Records:
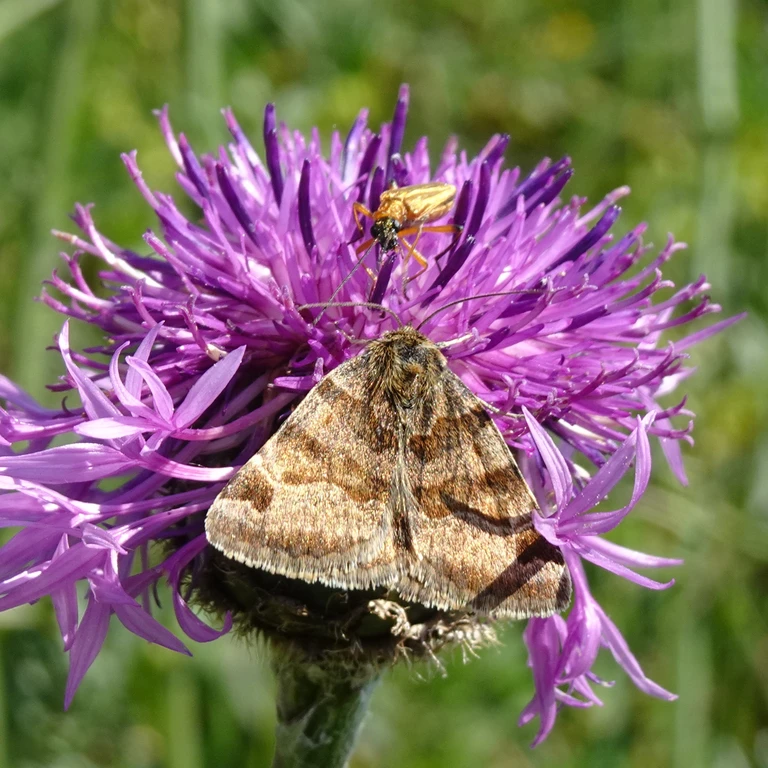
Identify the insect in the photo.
Euclidia glyphica
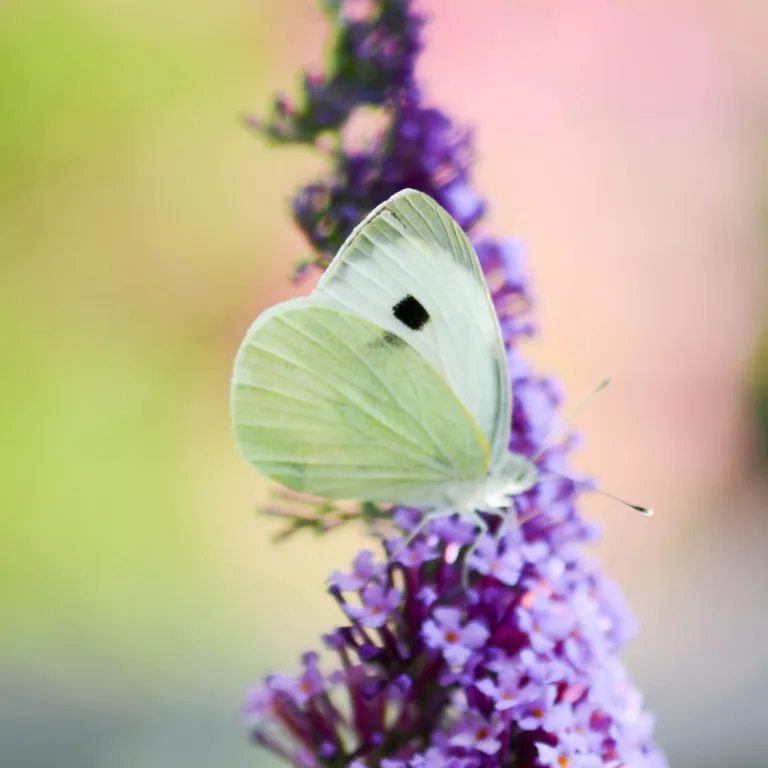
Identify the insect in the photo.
Pieris brassicae
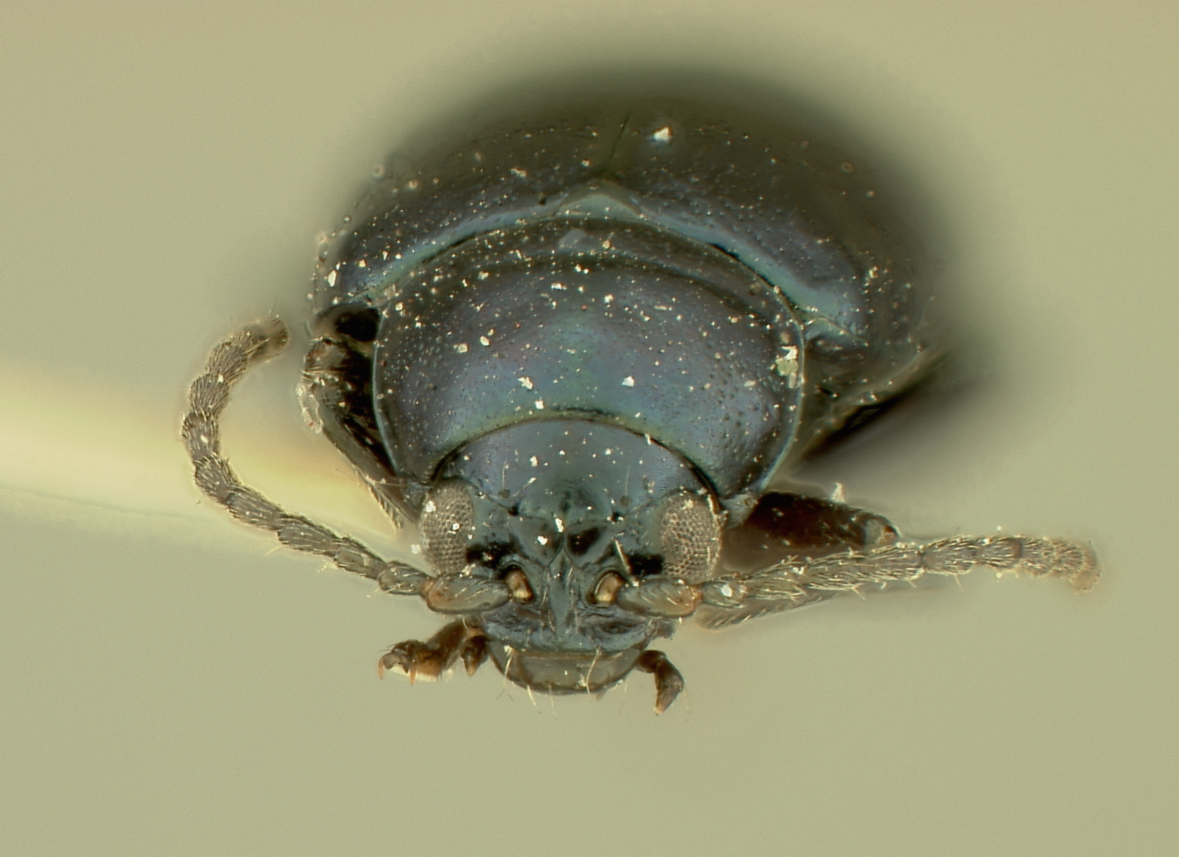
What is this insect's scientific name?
Haltica subopaca (also Altica subopaca)
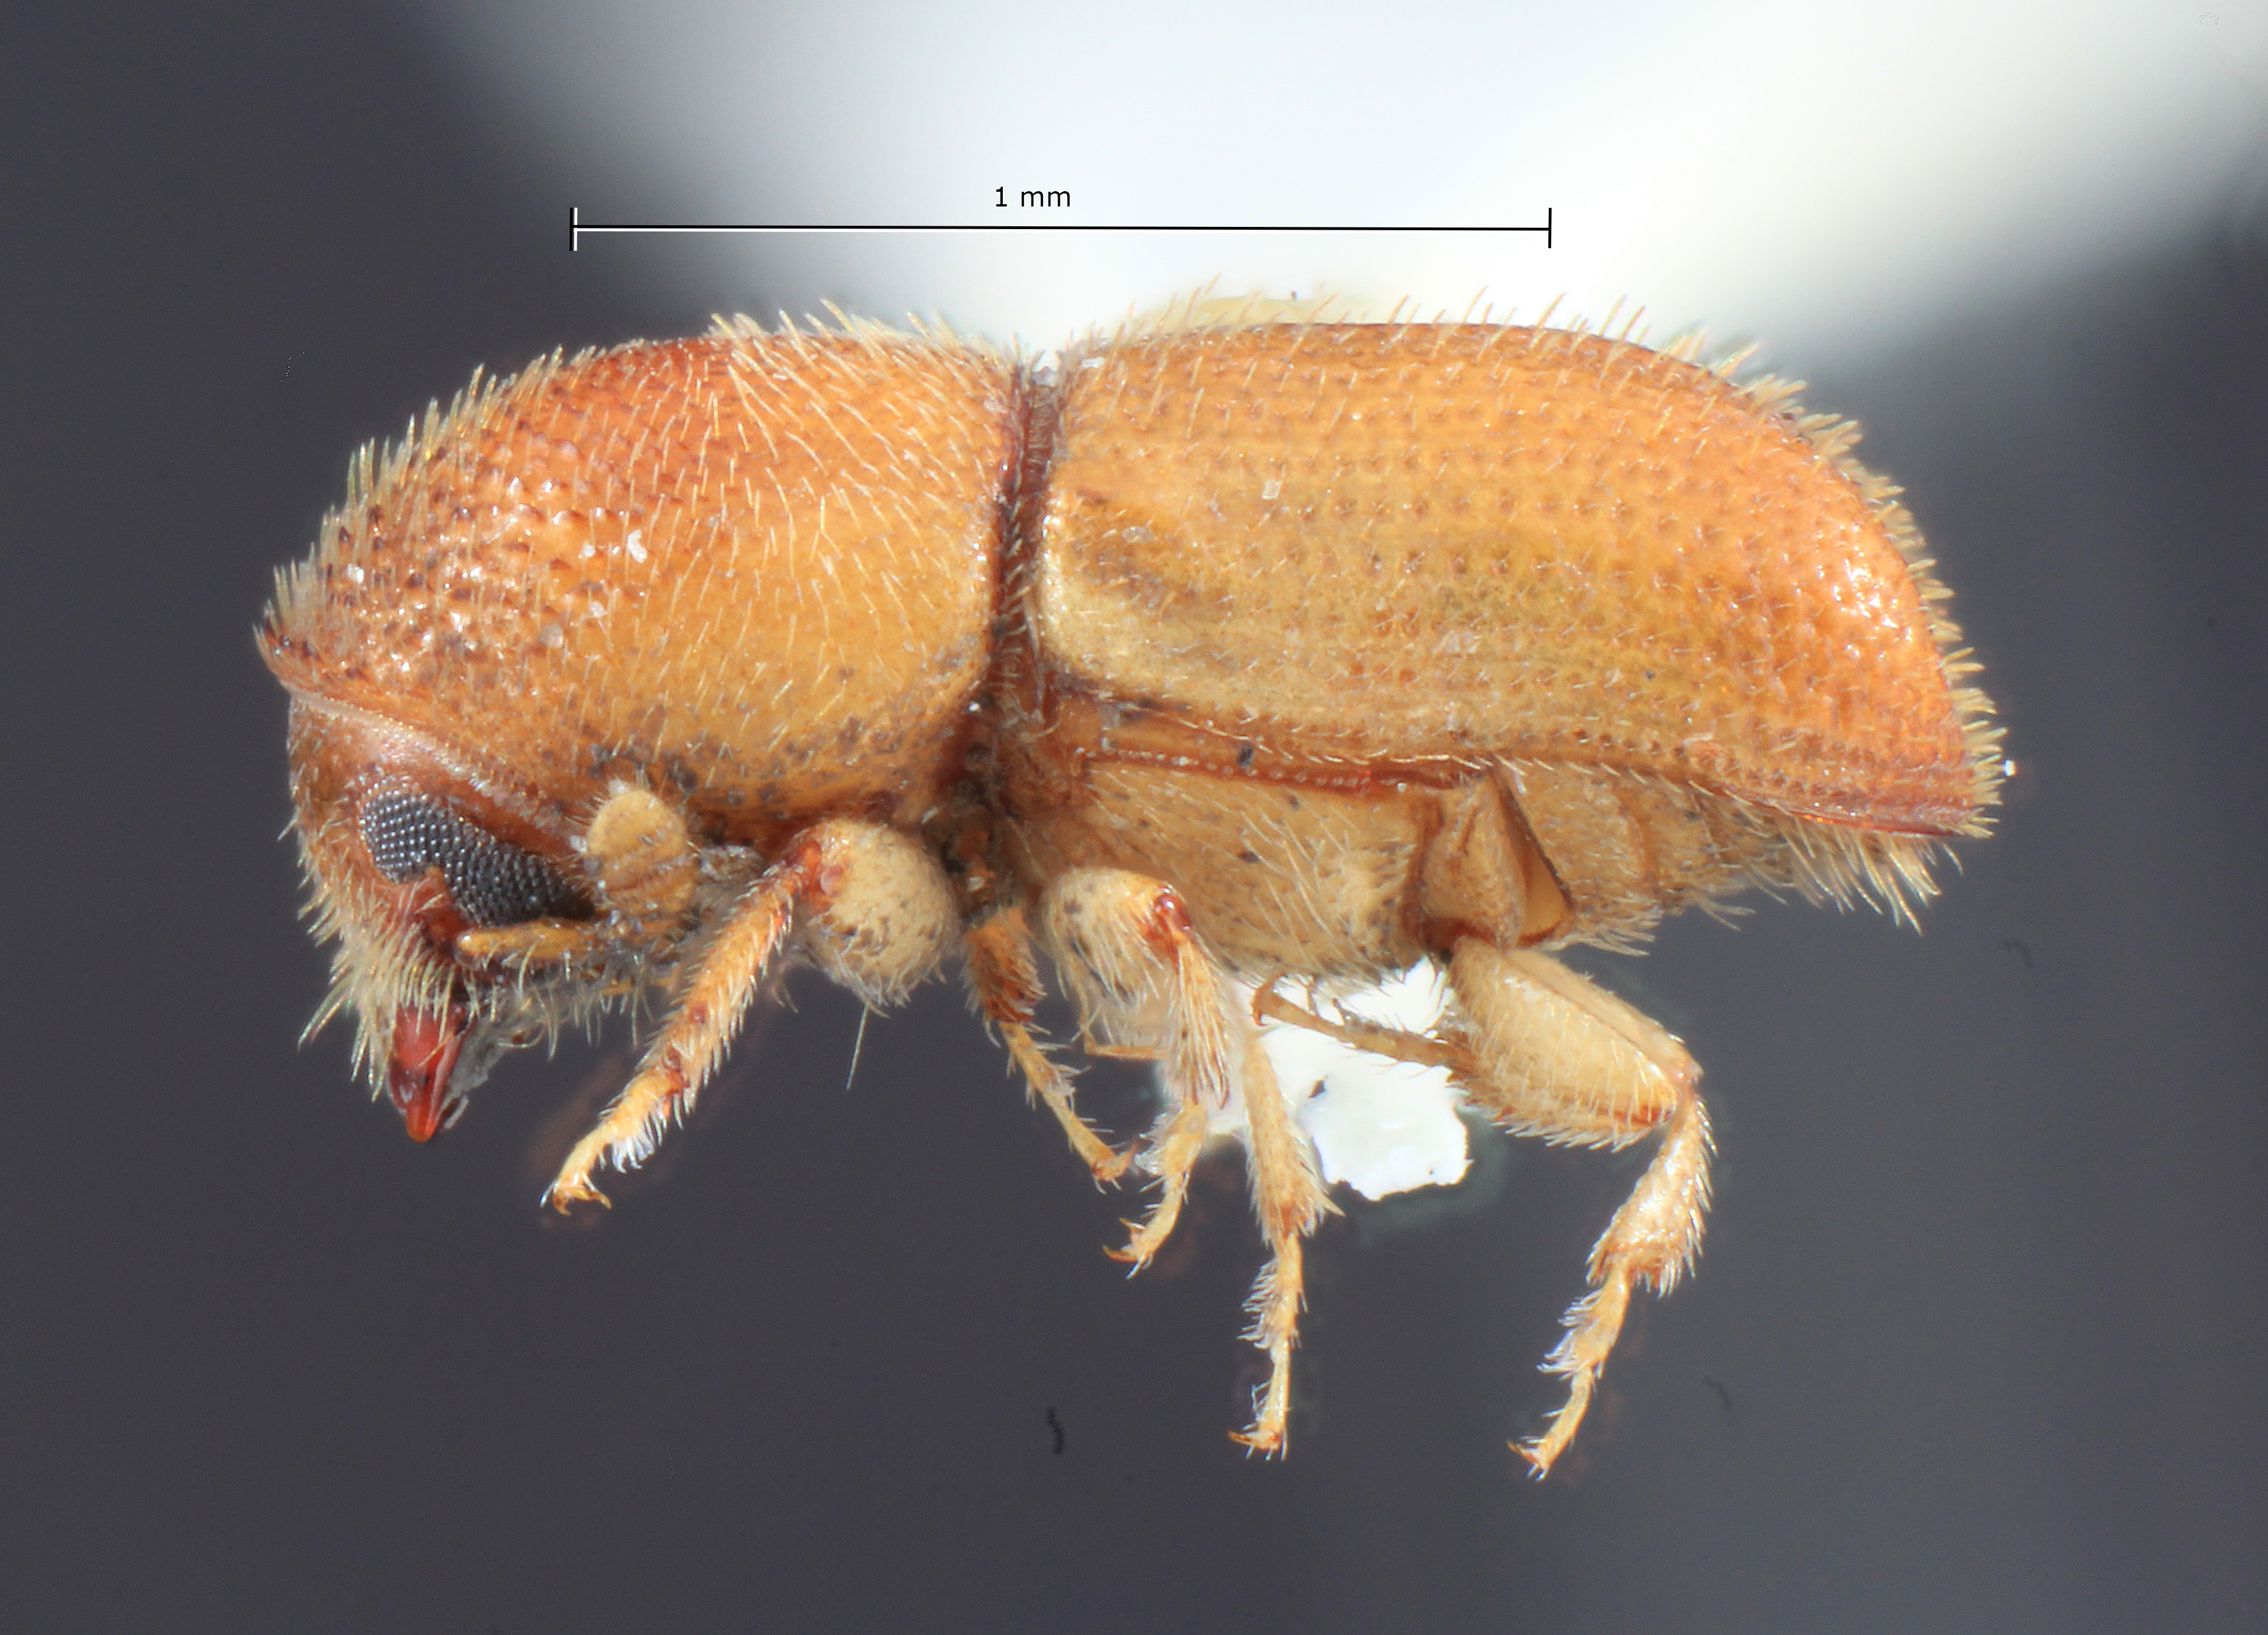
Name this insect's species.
Dendroterus resolutus
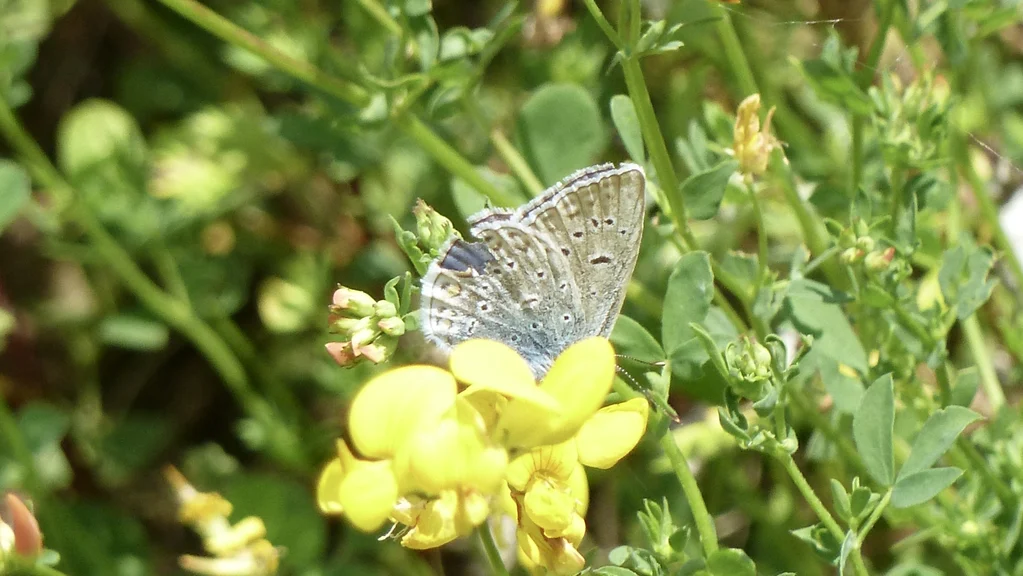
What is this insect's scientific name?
Polyommatus icarus
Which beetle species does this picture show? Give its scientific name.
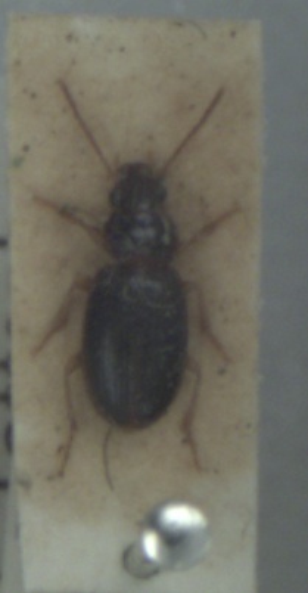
Bradycellus sharpi
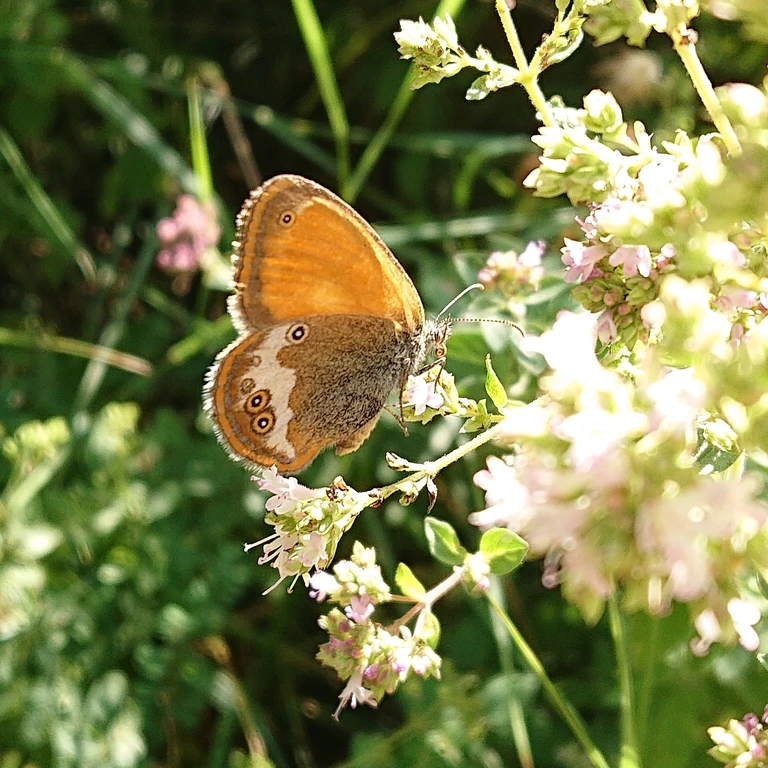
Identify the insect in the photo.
Coenonympha arcania
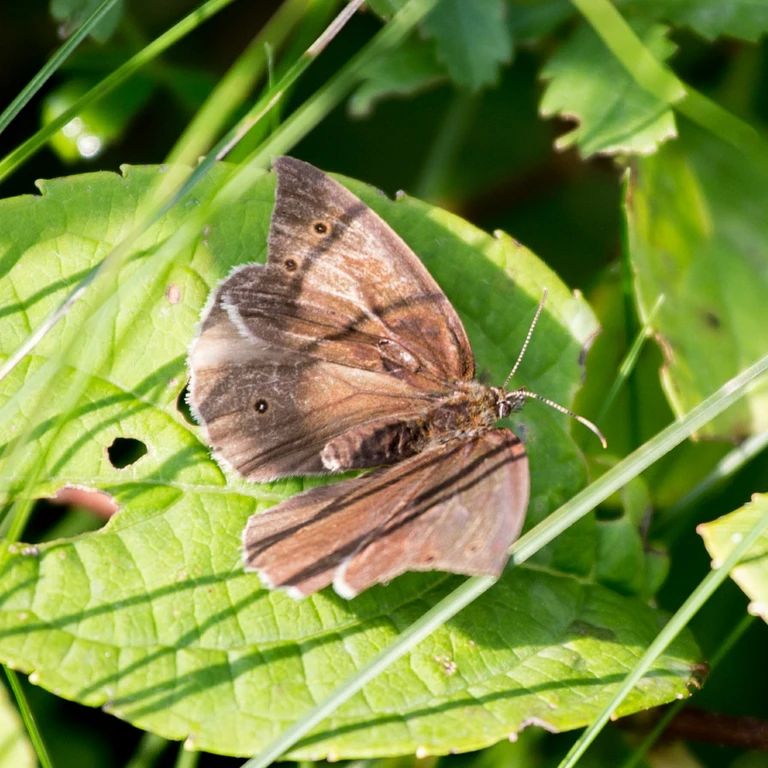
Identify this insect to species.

Prompt: Write the records out again verbatim and omit the pictures they contain.

Answer for the task:
Identify the insect in the photo.
Euclidia glyphica
Identify the insect in the photo.
Pieris brassicae
What is this insect's scientific name?
Haltica subopaca (also Altica subopaca)
Name this insect's species.
Dendroterus resolutus
What is this insect's scientific name?
Polyommatus icarus
Which beetle species does this picture show? Give its scientific name.
Bradycellus sharpi
Identify the insect in the photo.
Coenonympha arcania
Identify this insect to species.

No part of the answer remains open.